Craig Dowd
What more does Luke Braid have to do?
Craig Dowd
June 4, 2014
Luke Braid has been in fine form with the Blues © Getty Images

Just over a month ago when discussing the Benji Marshall saga, and the whole road block his inclusion in the Blues in 2014 had created, I said that Lolagi Visinia and Ihaia West were two players who had suffered. They both showed against the Hurricanes on Saturday night that they should have been included right from day one of the Super Rugby season. I was really pleased to see them both play instrumental parts in a great performance against the Hurricanes. How good were the Blues at home?

Blues 37-24 Hurricanes (Australia only)

I did not expect the game to be so one-sided in the Blues' favour. I was expecting more from the Hurricanes.

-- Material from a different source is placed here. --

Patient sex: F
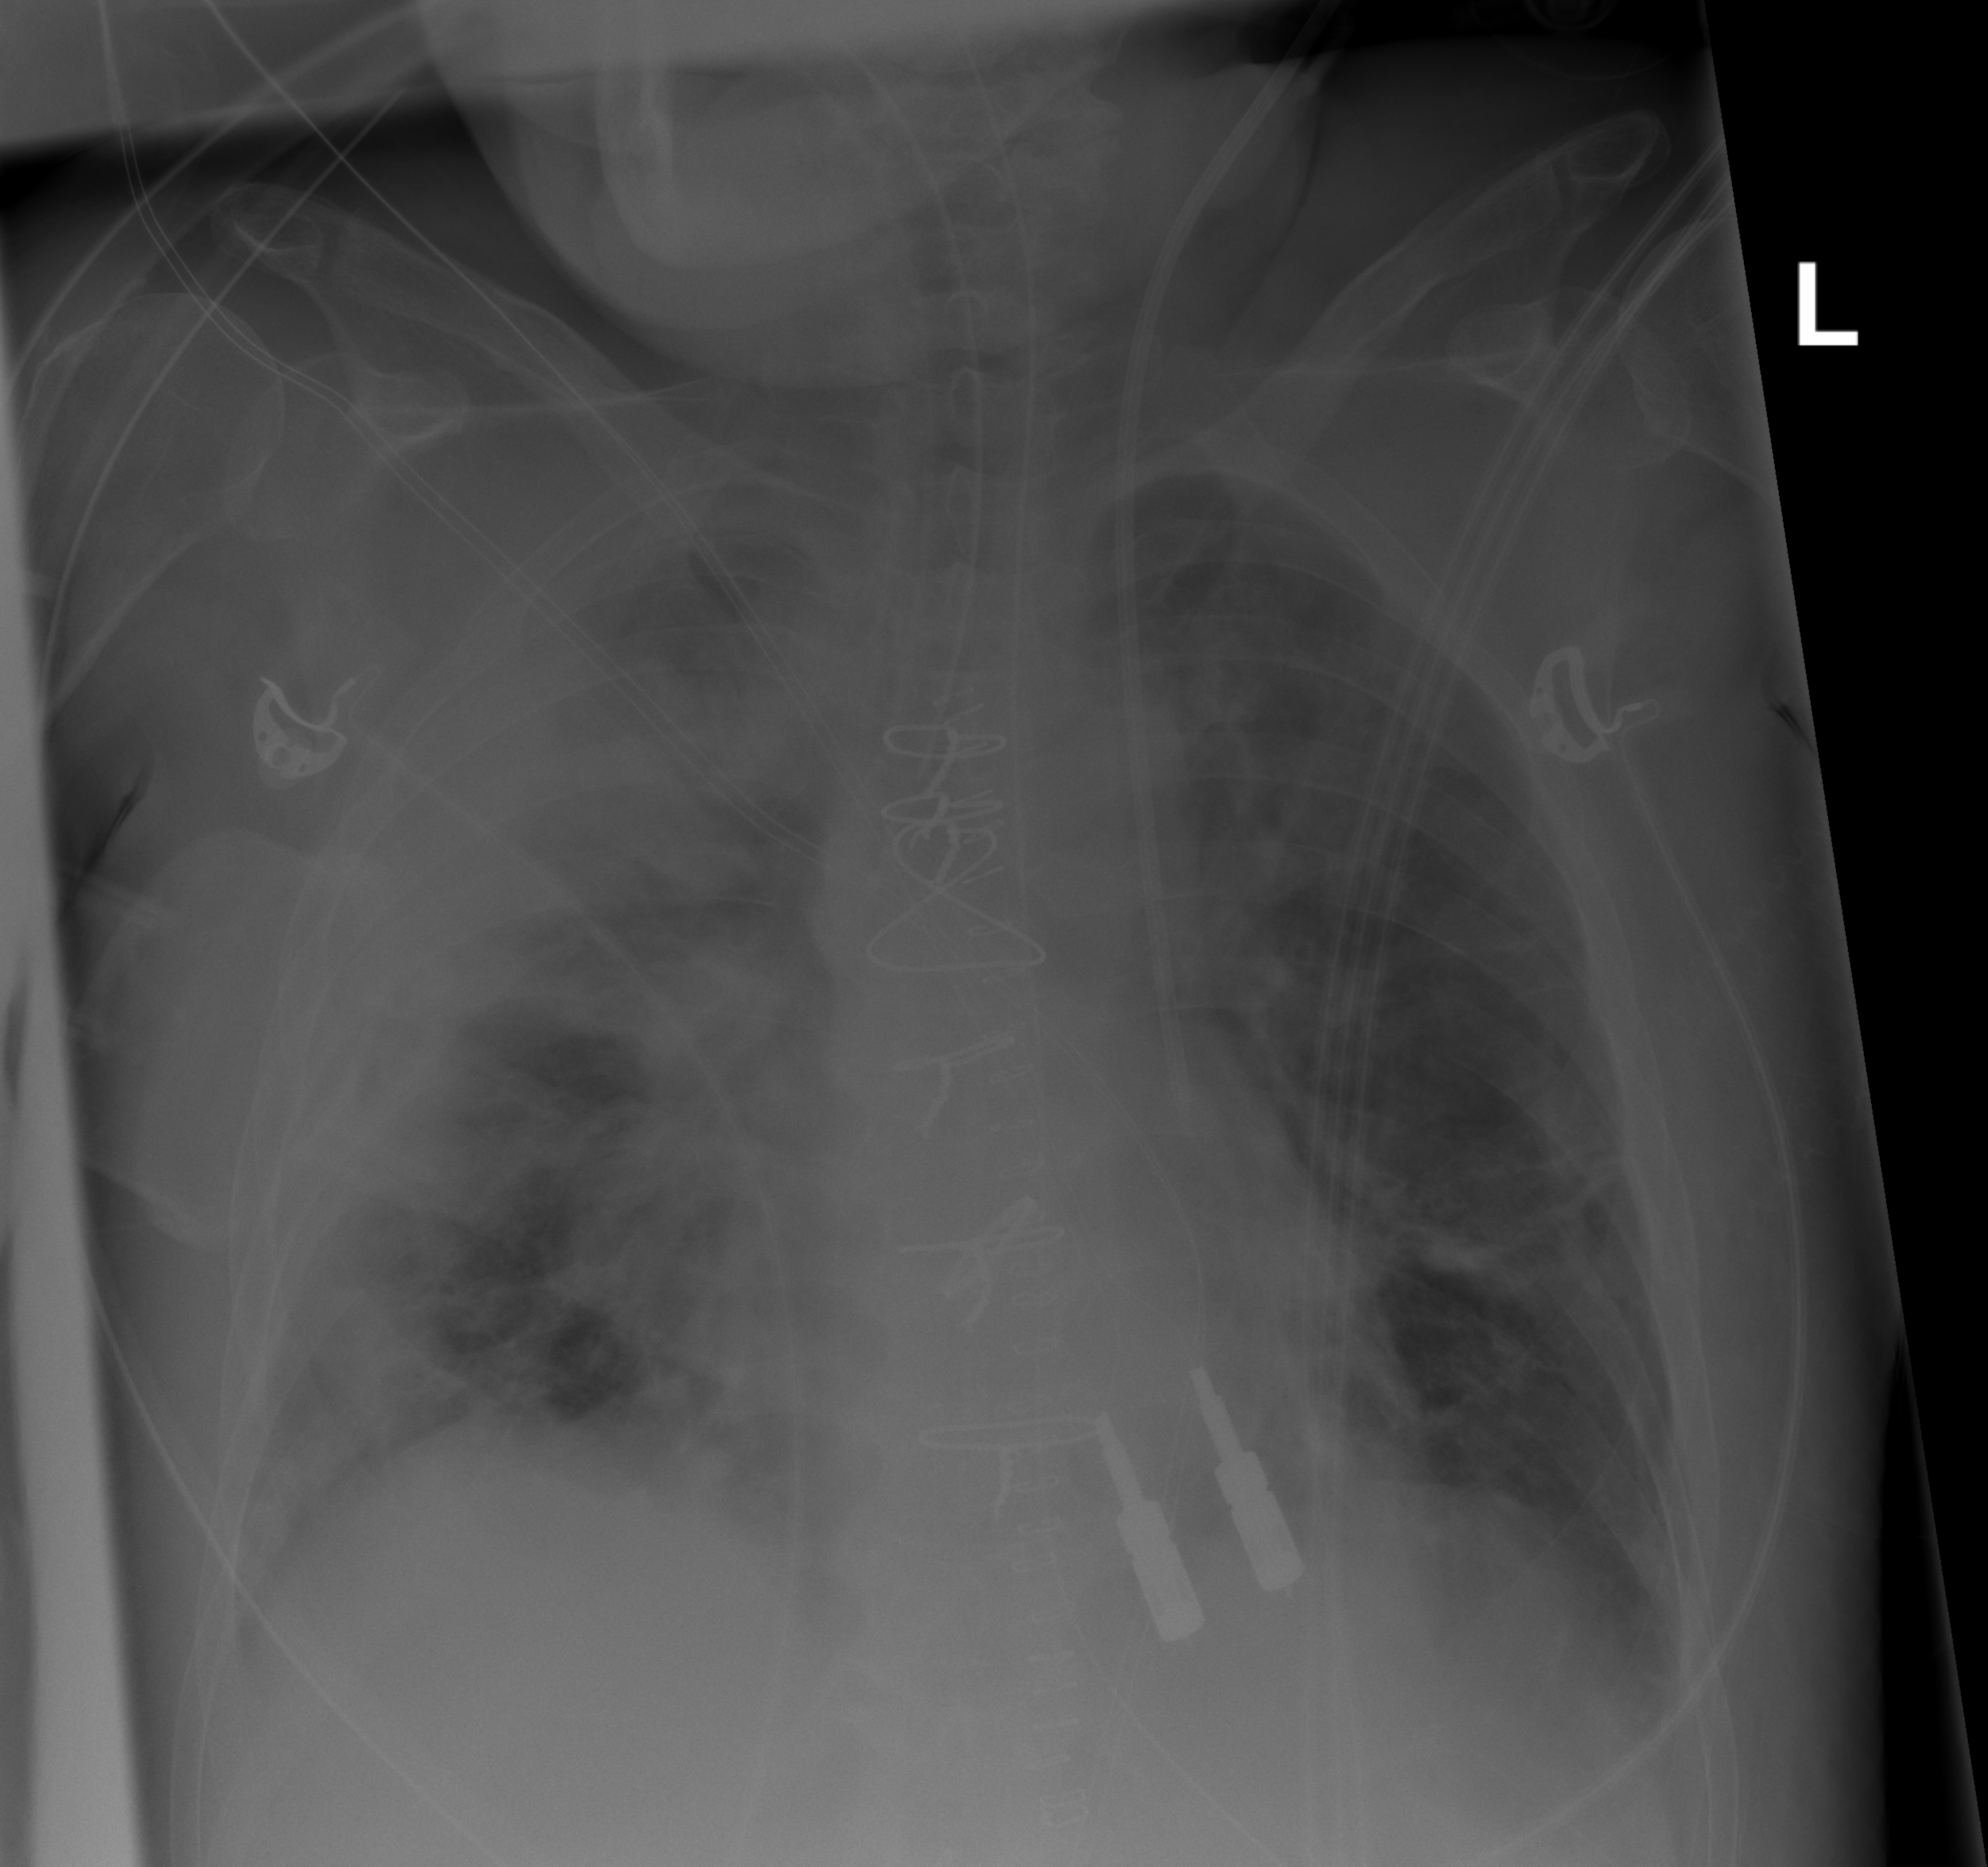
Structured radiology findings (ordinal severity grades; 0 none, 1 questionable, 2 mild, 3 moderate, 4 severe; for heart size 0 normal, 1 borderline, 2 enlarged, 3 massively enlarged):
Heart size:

It appeared they got blown off their course by the penalty try that was awarded, and they suffered with the Blues running in another try when the offender was sin-binned. But take nothing away from the Blues; they went out and were as ruthless as they have been all season at home. God only knows why this cannot be taken on the road.

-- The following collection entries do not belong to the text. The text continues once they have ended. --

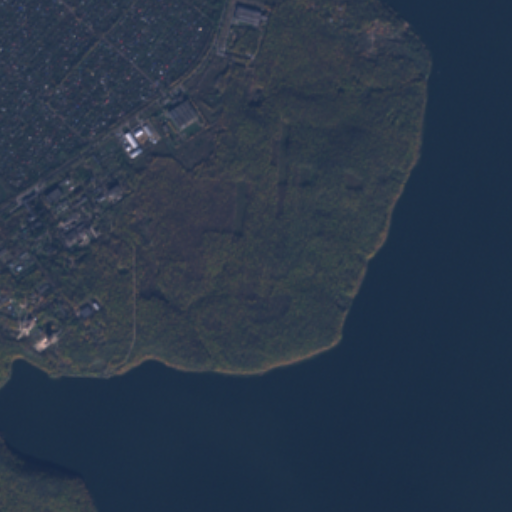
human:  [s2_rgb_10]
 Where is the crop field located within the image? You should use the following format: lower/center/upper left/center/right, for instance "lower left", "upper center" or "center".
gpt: The crop field is located in the upper left of the image.
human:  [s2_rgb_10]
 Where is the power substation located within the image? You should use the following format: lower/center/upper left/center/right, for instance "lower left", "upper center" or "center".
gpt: The power substation is located in the upper left of the image.
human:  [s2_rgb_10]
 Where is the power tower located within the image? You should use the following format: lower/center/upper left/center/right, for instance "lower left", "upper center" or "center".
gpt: The power tower is located in the upper left of the image.
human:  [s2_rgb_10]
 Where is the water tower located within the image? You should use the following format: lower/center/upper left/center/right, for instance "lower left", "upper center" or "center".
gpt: The water tower is located in the upper left of the image.
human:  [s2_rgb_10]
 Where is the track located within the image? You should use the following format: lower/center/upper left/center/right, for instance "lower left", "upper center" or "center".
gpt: There is no track in the image.
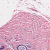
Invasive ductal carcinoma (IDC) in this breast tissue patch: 0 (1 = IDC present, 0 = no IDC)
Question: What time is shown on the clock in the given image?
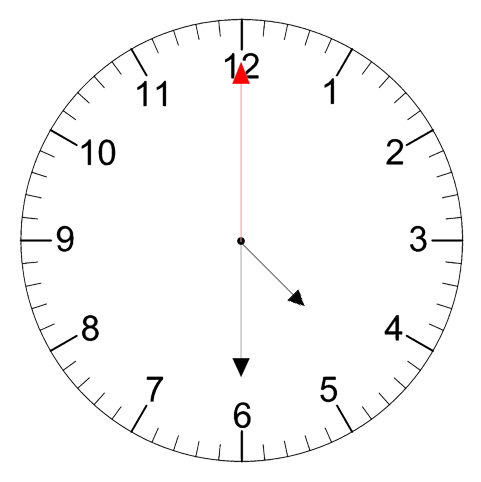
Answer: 04:30:00
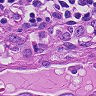
Metastatic tissue present: no
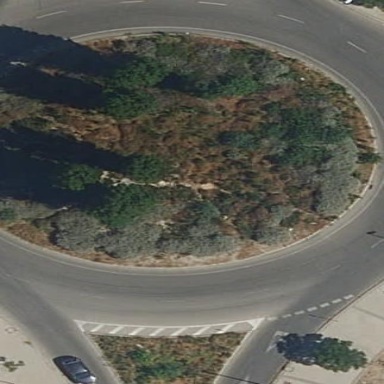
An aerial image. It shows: Residential road with roundabout.
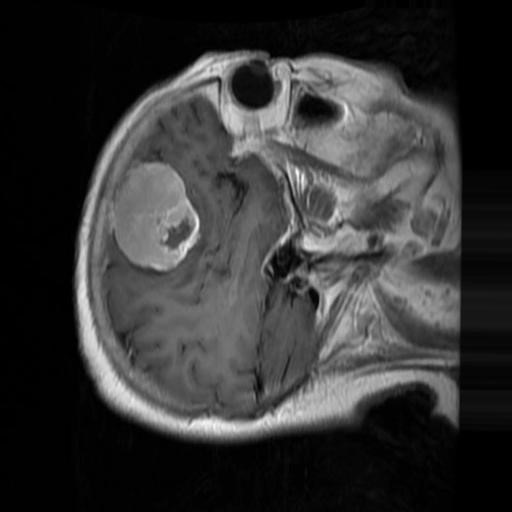
Label: brain_menin

And you would have to ask if Luke Braid is the forgotten man of New Zealand rugby. You look around the scene and say, yes, Richie McCaw is a leader and he has some campaigners behind him. Sam Cane appears to be the anointed one, but he is now out for the series against England and Matt Todd is next in line. I just scratch my head: what more does he have to do to be included in that mix?

I guess the selectors know the players they took into the camp environment, and they will revert to the players they know, but I feel sorry for a player like Braid who just seems to have slipped through the cracks in the system. He's there, he's good, but for whatever reason he is never thrown out there in the selection mix.

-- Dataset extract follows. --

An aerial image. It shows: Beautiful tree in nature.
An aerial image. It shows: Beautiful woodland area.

Crusaders 30-7 Force (Australia only)

As for the Crusaders, you have to say they are playing with the consistency expected of them at the business end of the season without hitting their straps as well as they can. I was pleased to see their penalty tries awarded against Western Force.

One was from a scrum, and quite clearly the dominant scrum got the reward. That's what needs to happen. If you are going forward and you have got the correct binding then all rights should lie with the dominant scrum. Too often we see the team with the dominant scrum getting penalised.

The penalty try for the collapsed maul was fair enough, too. If your maul is moving forward, there's not much that is going to stop you apart from your opponent infringing - which should result in a penalty try.

The penalty try in the Blues game was interesting. Matt Proctor's hand was definitely facing up as he tried to recover the ball but I think from the referee's angle he saw enough in his own mind that he was going to punish him.